Перечитывая Мастера. Заметки лингвиста на макинтоше (Барр) - страница 74

С другой стороны, обилие незнакомых слов: ала, когорта, легат, кентурия и др., - создают лексический код, приближающий художественный текст к историческому документу. То, что это сознательная авторская установка, сомнений не вызывает. Историческая лексика представлена системно и включена в художественное стилевое своеобразие исторических глав, подчеркивает его монументальность.

Поэтому стиль ершалаемских глав кажется не подверженным никаким временным оценочным пересмотрам, это как бы язык, которым говорит история. Со времени написания романа сила восприятия его не изменилась.

Необходимо признать, что язык московских глав, точно отражавший речевое сознание советских граждан и адекватно «прочитывавшийся» в советскую эпоху, сегодня воспринимается иначе. Фрагментами он кажется несколько архаичным. Канцеляризмы 30-х годов уже вышли из употребления (означенного, сим удостоверяю, вышеизложенного, первую категорию). Много архаизмов, обозначающих предметы и реалии быта 30-х годов, сегодня нуждаются в пояснениях (примус, угольная лампочка, ларь, корыта, толстовка, бурка, Торгсин, капельдинер и пр.). Технический прогресс дает себя знать.

Что же касается романа в романе, ни одно слово не «выпадает», ни одна фраза не может быть подвергнута ревизии. Роман не кажется менее достоверным и значимом сегодня, нежели в эпоху автора.

Это как «Ревизор» Н. В. Гоголя, это всегда о России. Роман чудесным образом продолжает «звучать» актуально и злободневно. Проблема выбора перед человеком и человечеством не становится менее важной. Но, помимо идейно-философской актуальности, этот роман о Понтии Пилате остается непревзойденной вершиной художественного совершенства и силы слова.

Уже отмечалось рядом исследователей, что язык исторического повествования отличается от языка сатирического повествования глав, описывающих современную писателю Москву. Так Л. М. Яновская пишет: «Стиль древних глав нетороплив, прозрачен и важен.
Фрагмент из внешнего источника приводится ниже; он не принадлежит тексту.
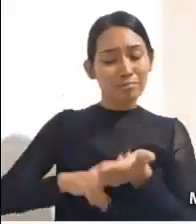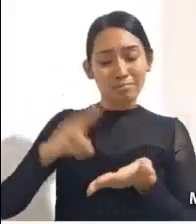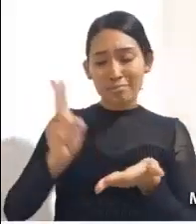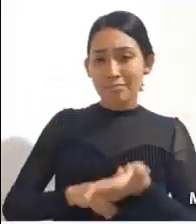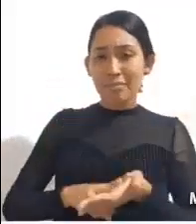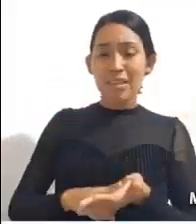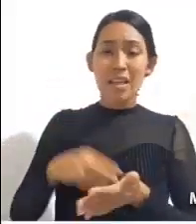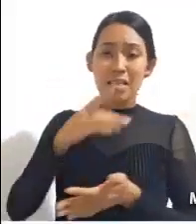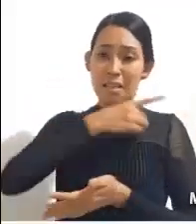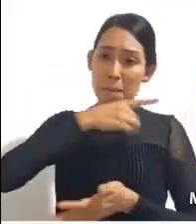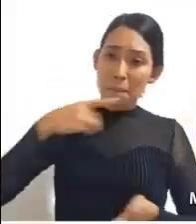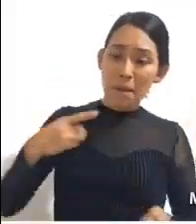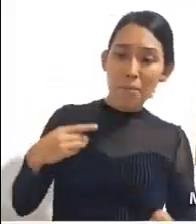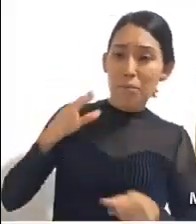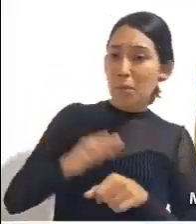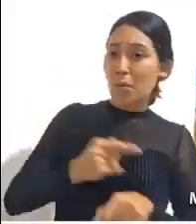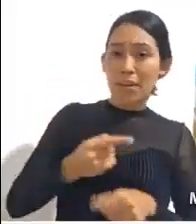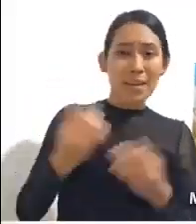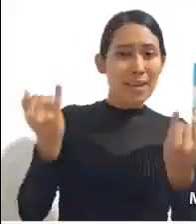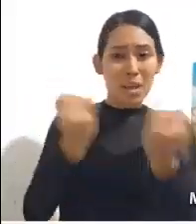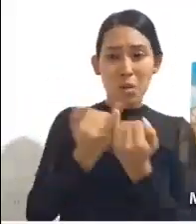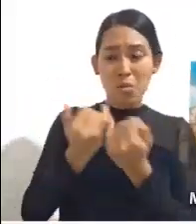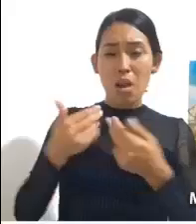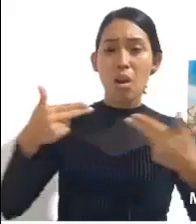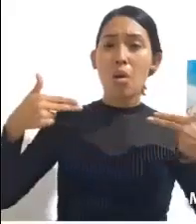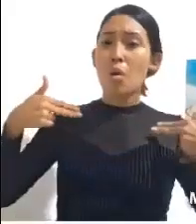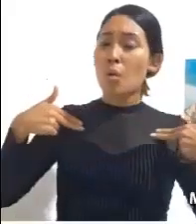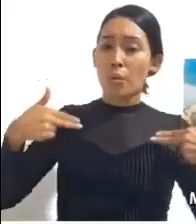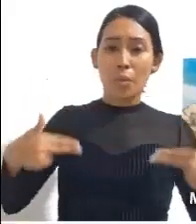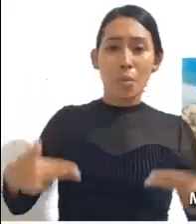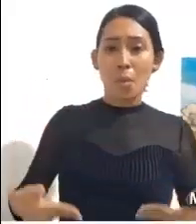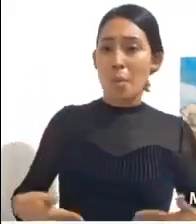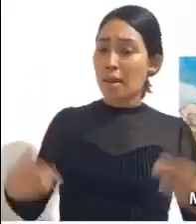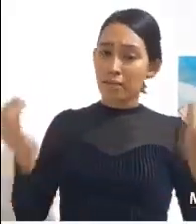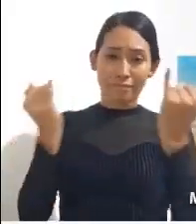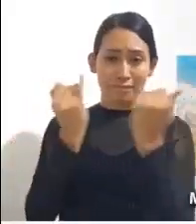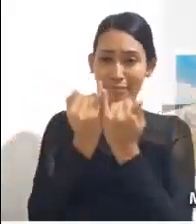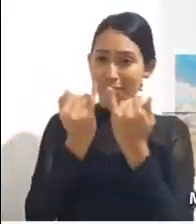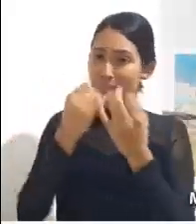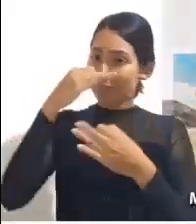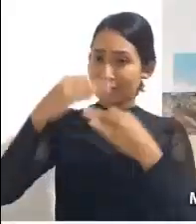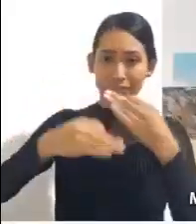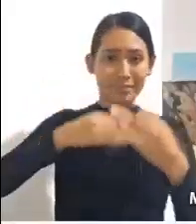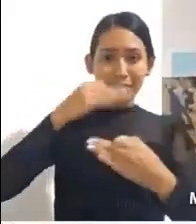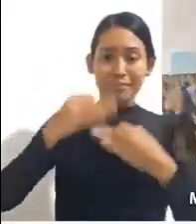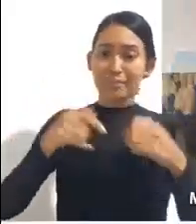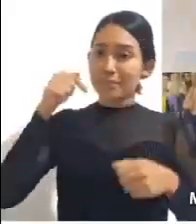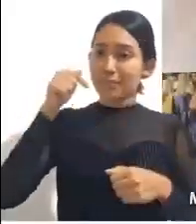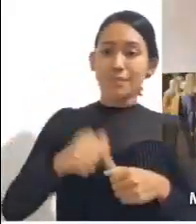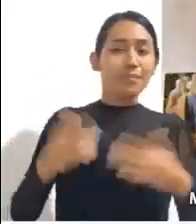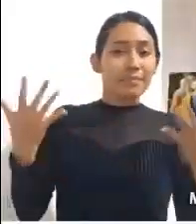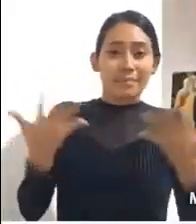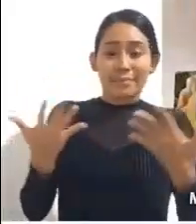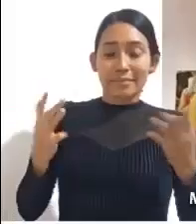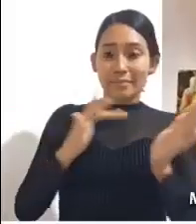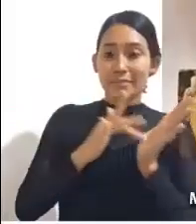corresponde a la persona por el mero hecho de existir y de haber sido querida, creada y amada por
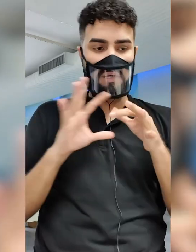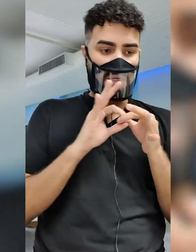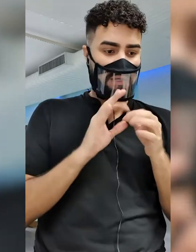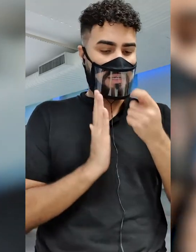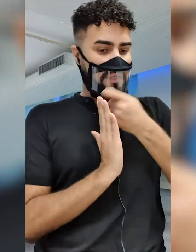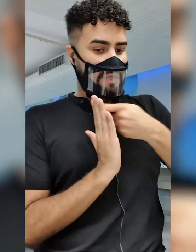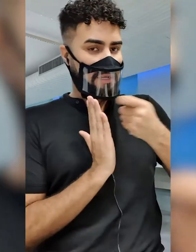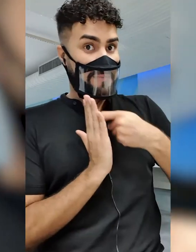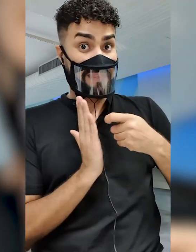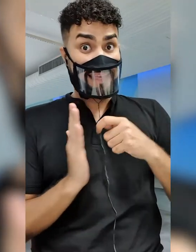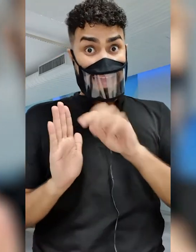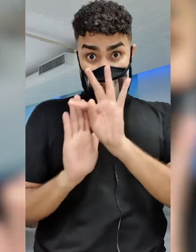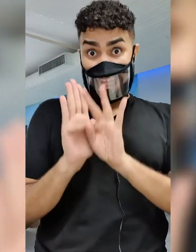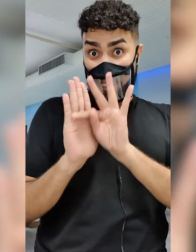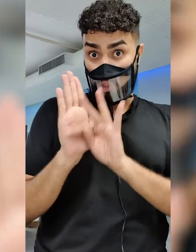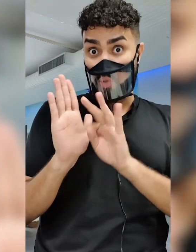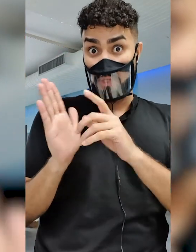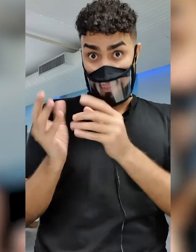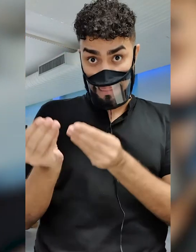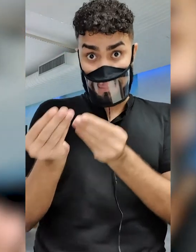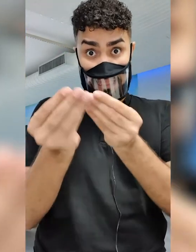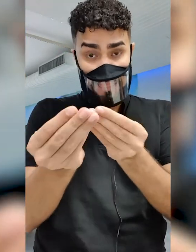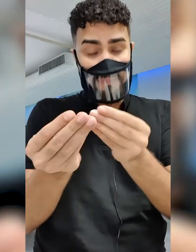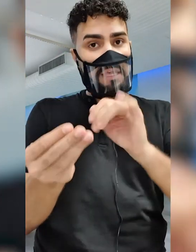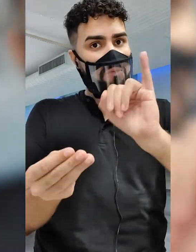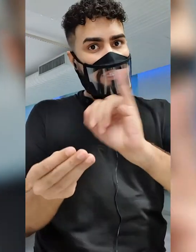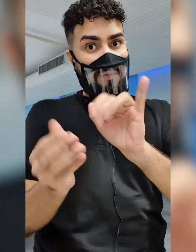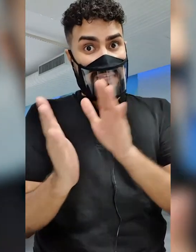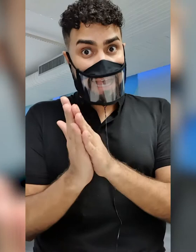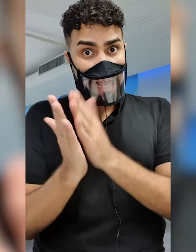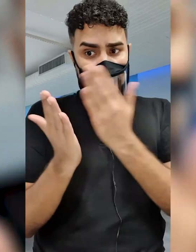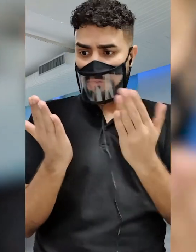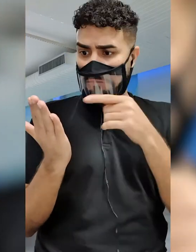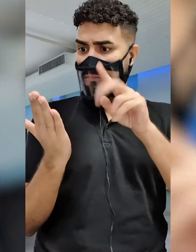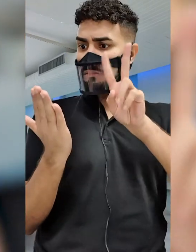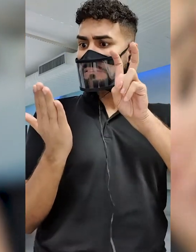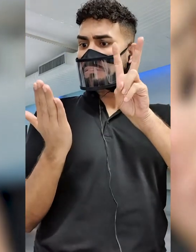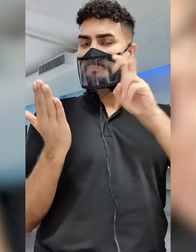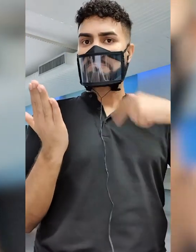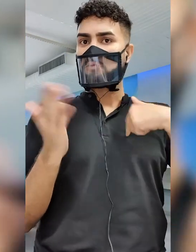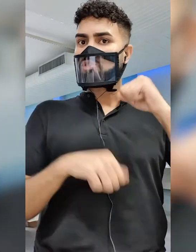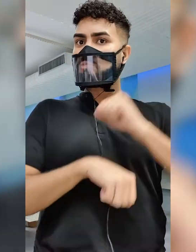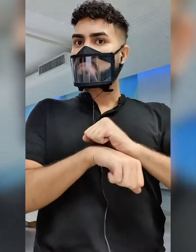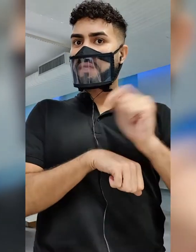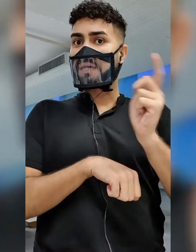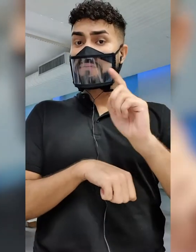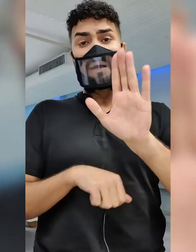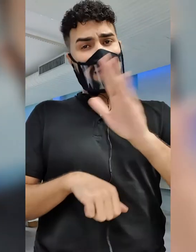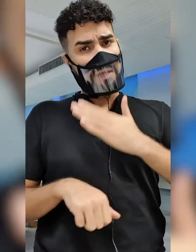importantíssimos para o aluno, na hora da prova, que abriu a prova, pegou um tema que ele não esperava,

В нем как будто сбережено дыхание давних времен, когда бумаги не было, а пергамент был дорог и люди, по крайней мере, в письме, стремились выражаться экономно.

Диалоги серьезны, скупы – только самое главное. Ремарки к диалогам сдержанны. Нет обилия острых штрихов повседневности. Нет сатирической мелочи мгновенно выхваченных лиц. Не сатиричны центральные персонажи» (Яновская 1983: 242). Это точно переданное эмоциональное восприятие стилевого своеобразия частей романа.

Но дело даже не в этом, не в переключении модуса и пафоса произведения с сатиры на эпику. Меняется плотность художественного времени. Описываемые события в Москве занимают временной промежуток в три дня, а в историческом романе – сутки. Но дело даже не в этом, а в той скурпулезной внимательности к мельчайшим деталям описываемых событий, которую демонстрирует автор на протяжении ершалаимского повествования. Ощущение «сгущения времени» особенно заметно в описании казни Иешуа. Вкрапление статичных картин ожидания поддерживает это ощущение.